**Task prompt**
Copy the entries that follow, exactly and completely.

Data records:
╔══

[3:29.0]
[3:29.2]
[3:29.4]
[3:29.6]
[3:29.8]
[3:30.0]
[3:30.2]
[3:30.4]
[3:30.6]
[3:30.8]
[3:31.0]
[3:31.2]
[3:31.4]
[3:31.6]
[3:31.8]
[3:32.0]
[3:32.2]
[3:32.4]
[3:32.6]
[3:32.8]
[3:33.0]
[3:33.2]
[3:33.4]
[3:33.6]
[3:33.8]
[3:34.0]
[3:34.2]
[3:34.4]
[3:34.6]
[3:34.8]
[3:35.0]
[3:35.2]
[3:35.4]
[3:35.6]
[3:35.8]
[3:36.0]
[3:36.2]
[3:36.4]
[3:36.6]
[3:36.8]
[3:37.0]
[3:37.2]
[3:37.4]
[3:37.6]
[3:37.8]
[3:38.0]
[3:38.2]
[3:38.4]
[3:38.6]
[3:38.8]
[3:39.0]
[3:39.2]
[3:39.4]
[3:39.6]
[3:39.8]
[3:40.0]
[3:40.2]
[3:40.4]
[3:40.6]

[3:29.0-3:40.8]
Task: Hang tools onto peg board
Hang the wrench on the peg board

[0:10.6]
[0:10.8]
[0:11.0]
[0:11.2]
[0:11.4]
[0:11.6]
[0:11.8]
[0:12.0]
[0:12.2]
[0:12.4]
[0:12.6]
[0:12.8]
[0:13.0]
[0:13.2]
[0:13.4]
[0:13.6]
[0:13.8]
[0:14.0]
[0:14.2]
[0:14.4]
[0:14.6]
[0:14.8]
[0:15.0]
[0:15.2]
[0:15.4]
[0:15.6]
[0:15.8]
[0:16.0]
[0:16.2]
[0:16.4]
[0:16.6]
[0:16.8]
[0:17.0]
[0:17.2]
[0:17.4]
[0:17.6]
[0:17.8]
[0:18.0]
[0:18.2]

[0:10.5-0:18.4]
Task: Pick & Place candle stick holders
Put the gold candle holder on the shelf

╚══

**Exercise solution**
[3:29.0]
[3:29.2]
[3:29.4]
[3:29.6]
[3:29.8]
[3:30.0]
[3:30.2]
[3:30.4]
[3:30.6]
[3:30.8]
[3:31.0]
[3:31.2]
[3:31.4]
[3:31.6]
[3:31.8]
[3:32.0]
[3:32.2]
[3:32.4]
[3:32.6]
[3:32.8]
[3:33.0]
[3:33.2]
[3:33.4]
[3:33.6]
[3:33.8]
[3:34.0]
[3:34.2]
[3:34.4]
[3:34.6]
[3:34.8]
[3:35.0]
[3:35.2]
[3:35.4]
[3:35.6]
[3:35.8]
[3:36.0]
[3:36.2]
[3:36.4]
[3:36.6]
[3:36.8]
[3:37.0]
[3:37.2]
[3:37.4]
[3:37.6]
[3:37.8]
[3:38.0]
[3:38.2]
[3:38.4]
[3:38.6]
[3:38.8]
[3:39.0]
[3:39.2]
[3:39.4]
[3:39.6]
[3:39.8]
[3:40.0]
[3:40.2]
[3:40.4]
[3:40.6]

[3:29.0-3:40.8]
Task: Hang tools onto peg board
Hang the wrench on the peg board

[0:10.6]
[0:10.8]
[0:11.0]
[0:11.2]
[0:11.4]
[0:11.6]
[0:11.8]
[0:12.0]
[0:12.2]
[0:12.4]
[0:12.6]
[0:12.8]
[0:13.0]
[0:13.2]
[0:13.4]
[0:13.6]
[0:13.8]
[0:14.0]
[0:14.2]
[0:14.4]
[0:14.6]
[0:14.8]
[0:15.0]
[0:15.2]
[0:15.4]
[0:15.6]
[0:15.8]
[0:16.0]
[0:16.2]
[0:16.4]
[0:16.6]
[0:16.8]
[0:17.0]
[0:17.2]
[0:17.4]
[0:17.6]
[0:17.8]
[0:18.0]
[0:18.2]

[0:10.5-0:18.4]
Task: Pick & Place candle stick holders
Put the gold candle holder on the shelf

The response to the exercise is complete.